In February this year, Metsä Tissue, part of the Metsä Group, made the final decision to invest 370 million euros in a new tissue machine at its mill in Mariestad, Sweden. The machine will have a capacity of 70,000 tonnes of tissue, doubling the mill's capacity, and the start-up is expected to be during the second half of 2025.
This is not the only thing that is happening regarding production of tissue in Sweden. Very recently, news came that the Hungarian family-owned tissue producer Vajda Papir has plans to start production in Sweden. In that case, it would mean moving their current tissue production in Norway to Sweden. If these plans materialize, it means that the total number of paper, board and pulp mills in Norway will decrease from ten to nine.
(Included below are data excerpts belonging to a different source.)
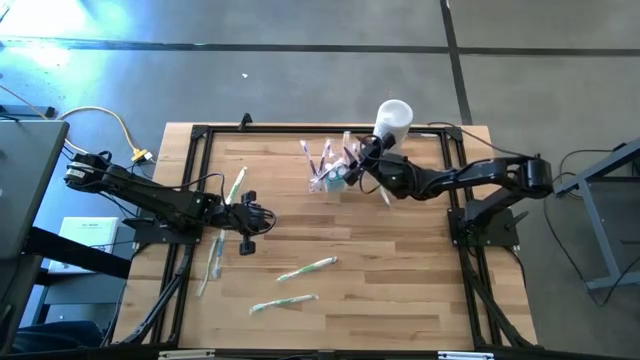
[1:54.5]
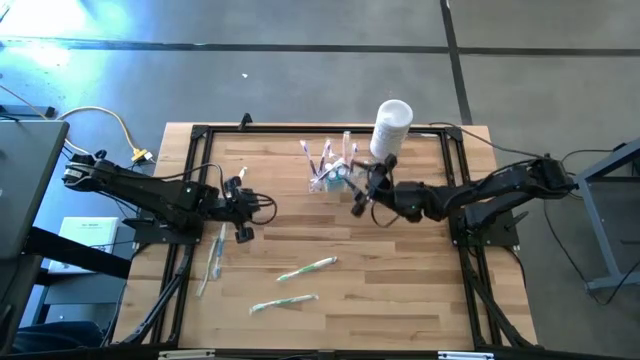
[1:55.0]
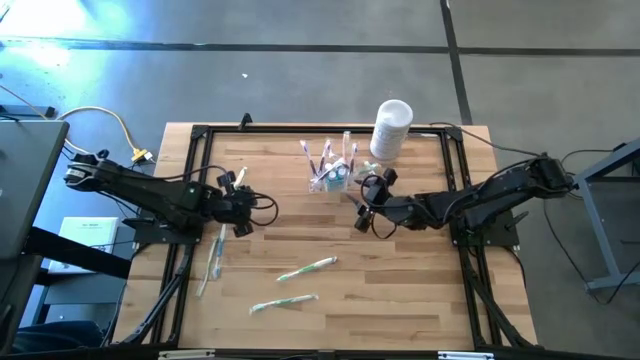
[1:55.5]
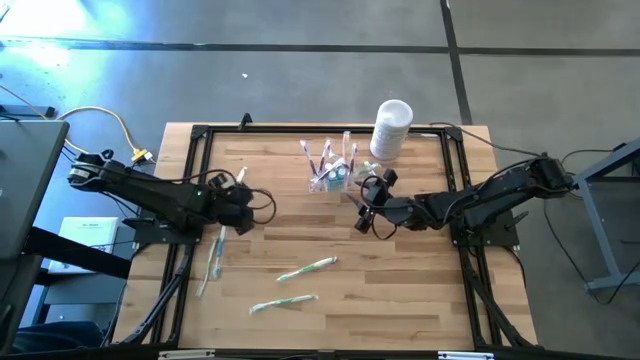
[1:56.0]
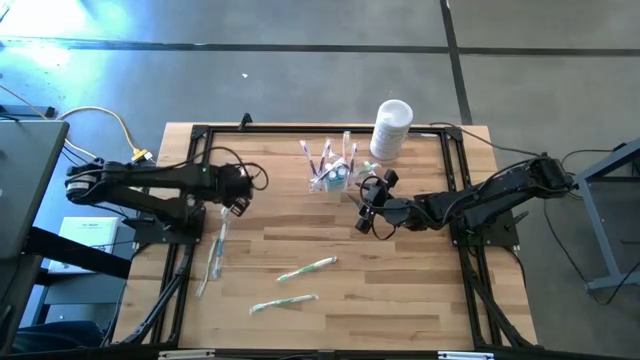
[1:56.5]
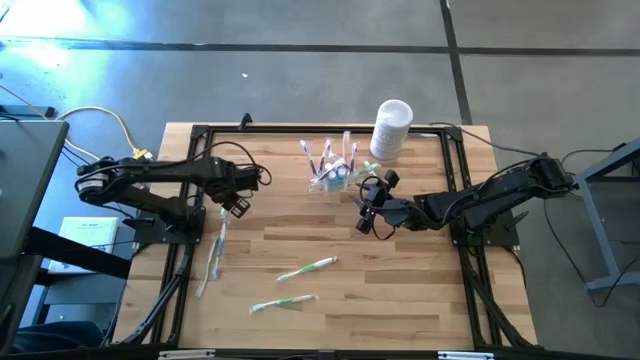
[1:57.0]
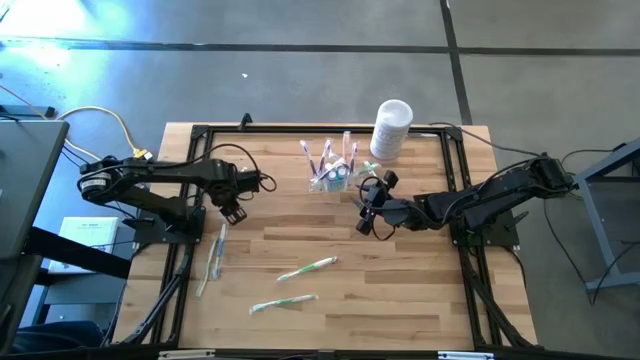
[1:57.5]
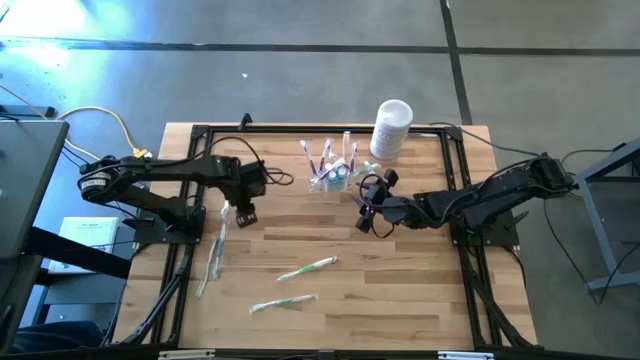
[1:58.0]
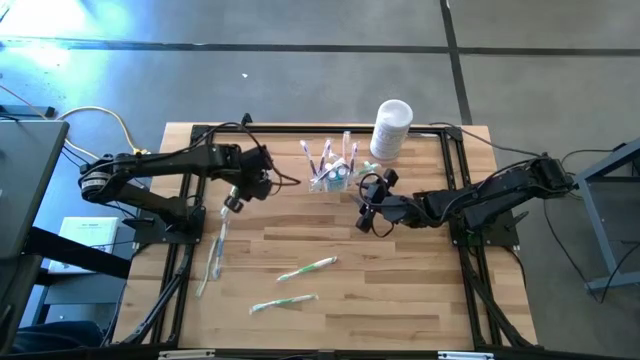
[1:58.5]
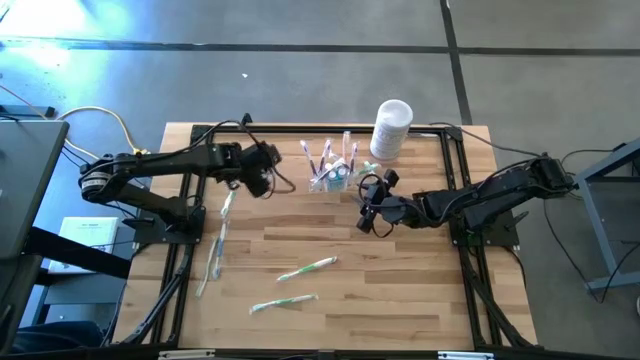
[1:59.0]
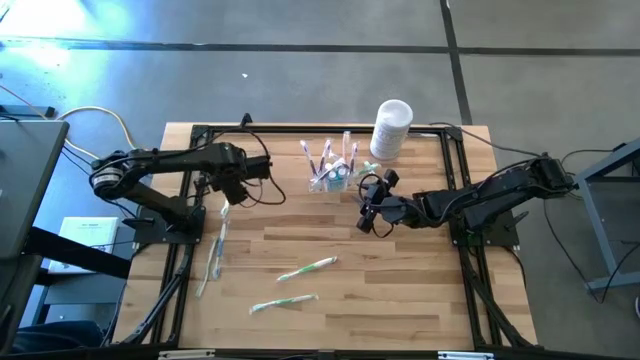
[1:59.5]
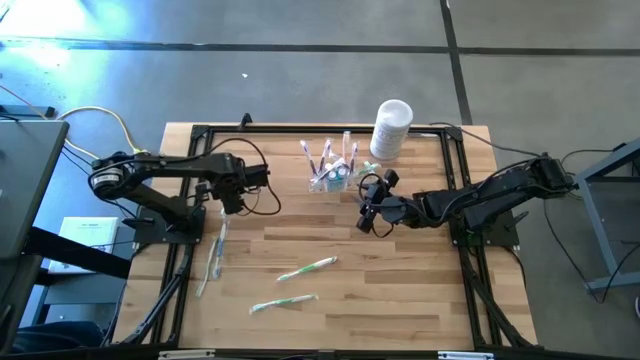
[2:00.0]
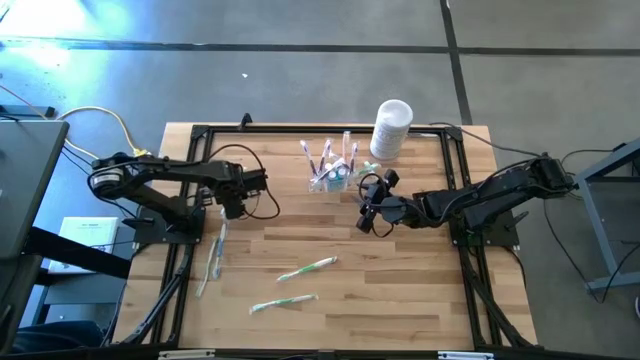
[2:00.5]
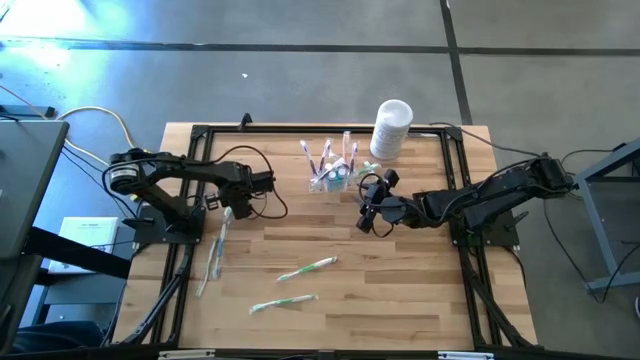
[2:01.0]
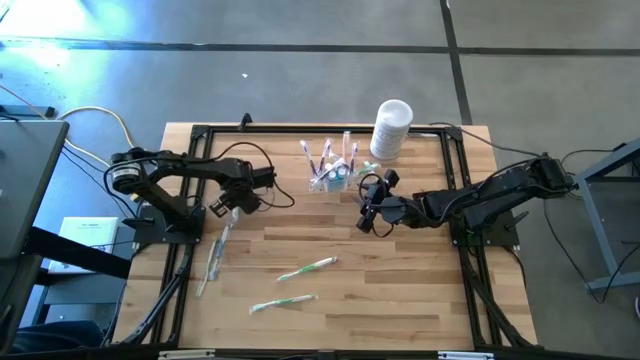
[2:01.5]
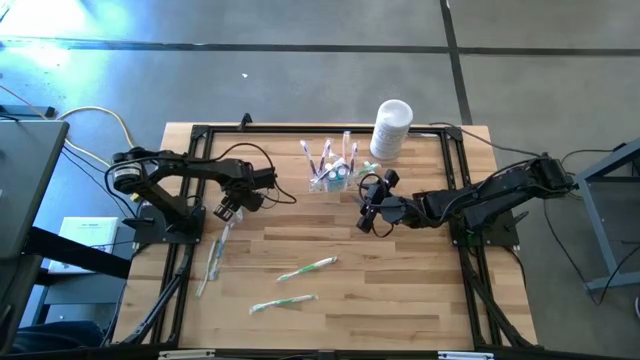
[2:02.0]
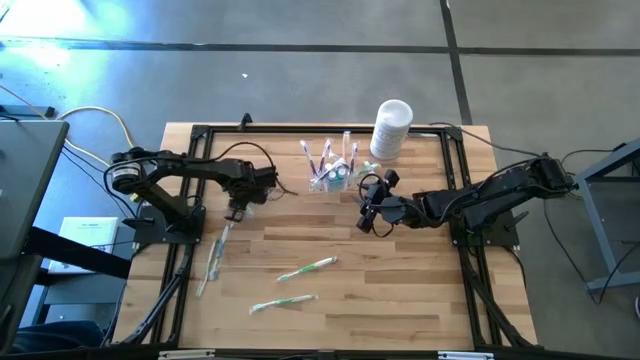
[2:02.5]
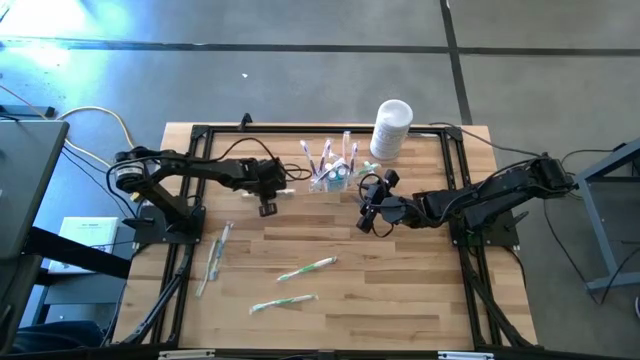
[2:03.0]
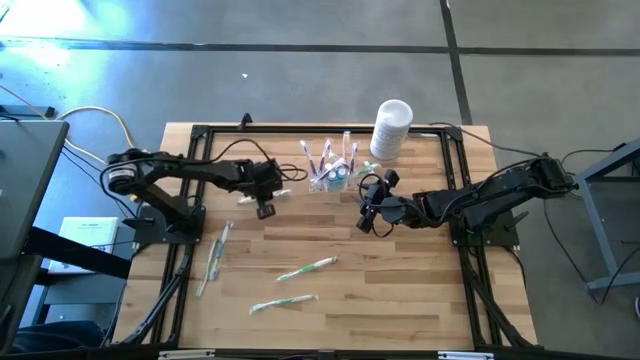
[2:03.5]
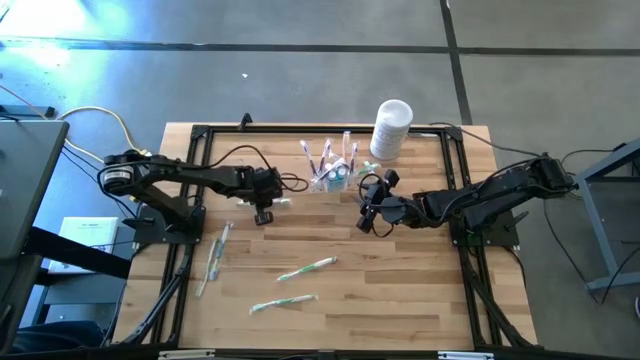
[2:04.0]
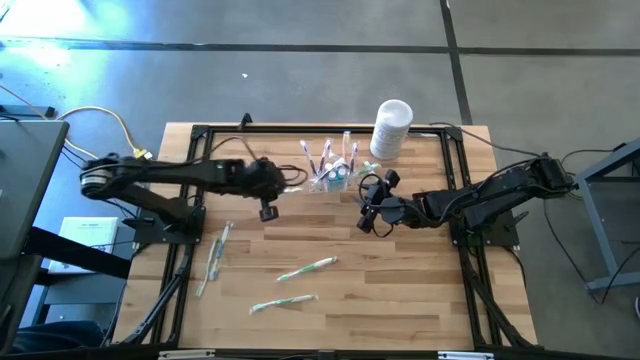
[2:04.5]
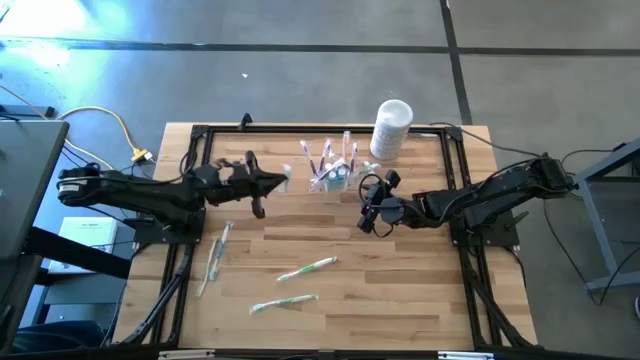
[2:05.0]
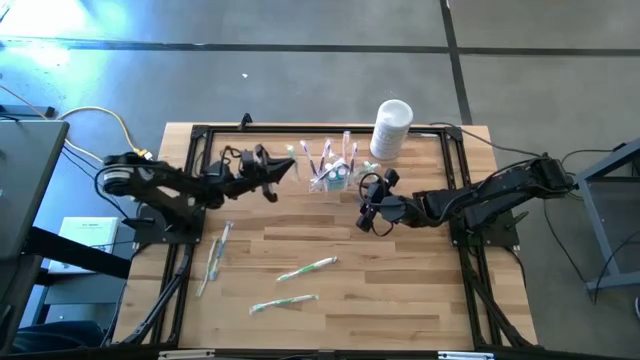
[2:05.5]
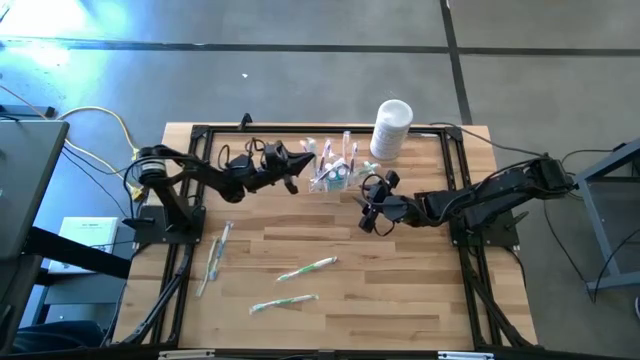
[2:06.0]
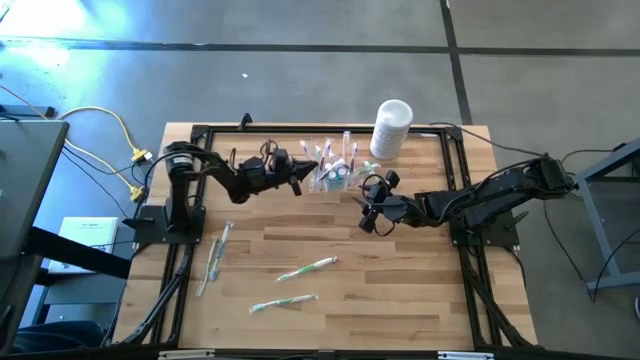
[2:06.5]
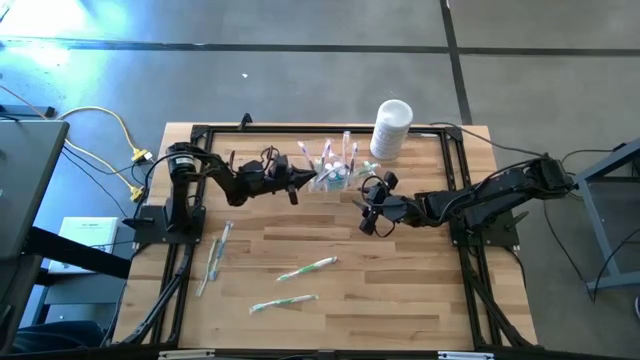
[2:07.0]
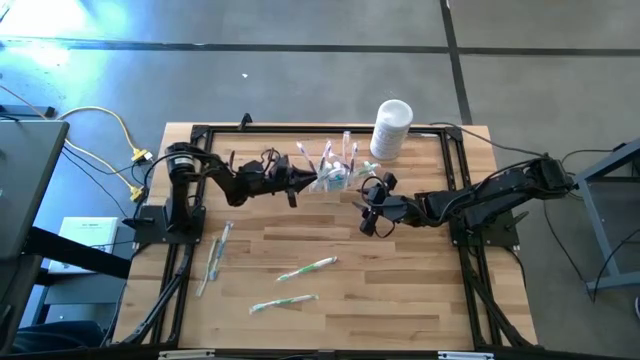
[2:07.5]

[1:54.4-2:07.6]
Task: Pick & Place toothbrushing station
Put the green toothbrush into the transparent organizer

In Sweden, Stora Enso is making powerful investments in its board mill in Skoghall as well as in its pulp mill in Skutskär. Skoghall has a capacity of 800,000 tonnes of board, mainly liquid board, as well as 650,000 tonnes of pulps. At the moment 97 million euros are invested to increase the capacity of board to 900,000 tonnes. The investment is expected to be completed in the second half of 2023. The mill in Skutskär, with a capacity of 540,000 tonnes of pulp, is Europe's largest producer of fluff pulp and 40 million euros are invested to increase efficiency and lower the carbon footprint.
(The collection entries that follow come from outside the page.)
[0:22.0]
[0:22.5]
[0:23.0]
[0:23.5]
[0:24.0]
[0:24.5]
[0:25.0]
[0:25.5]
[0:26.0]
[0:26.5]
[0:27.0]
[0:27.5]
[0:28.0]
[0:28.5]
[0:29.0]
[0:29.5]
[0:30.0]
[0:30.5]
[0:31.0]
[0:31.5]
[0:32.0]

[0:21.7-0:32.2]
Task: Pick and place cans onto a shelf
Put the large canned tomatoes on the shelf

UPM doesn't skimp on investments either. The two largest, however, take place outside the Nordic countries, namely in Germany and Uruguay. In Leuna, Germany, 750 million euros is invested in the construction of the world's first large-scale biorefinery. With a planned start at the end of 2023, production of biochemicals based on sustainable wood raw material will take place. The capacity will be 220,000 tonnes. In Paso de los Toros in Uruguay, UPM will soon put a new giant pulp mill into operation with a capacity of two million tonnes of eucalyptus pulp. The entire investment covers two billion euros. As UPM already has a pulp mill, Frey Bentos, in Uruguay, Paso de los Toros will be their second in the country.
There seems to be no lack of initiative and optimism among the large Swedish and Finnish forest companies. They feel the wind in the sails in important product areas and have at the same time drawn the consequences of the shrinking printing paper market. In addition to investments in "traditional" products such as packaging materials and tissue paper, which have good market prospects, there are also substantial investments in completely new areas that challenge oil-based products in textiles, biochemicals, biofuels and materials. In the wake of larger and more efficient pulp mills, the mills’ side streams become larger and thus commercially interesting for the manufacture of other products. The wave of investment will therefore roll on, also in new product areas and possibly in partnerships with actors outside the forest industry.
Sören Back has been working in the Swedish pulp and paper industry since 1976. With an M.Sc. in chemistry with focus on in pulp and paper technology the career spans from production control, product development, sales and marketing to communications, including PR, primarily in managerial positions. Over the years Sören has worked for MoDo Paper, M-real, now Metsä Board, and SP Processum but is now running his own business, SB Kommunikation AB, as freelance writer and communications consultant with customers mainly within the pulp and paper industry.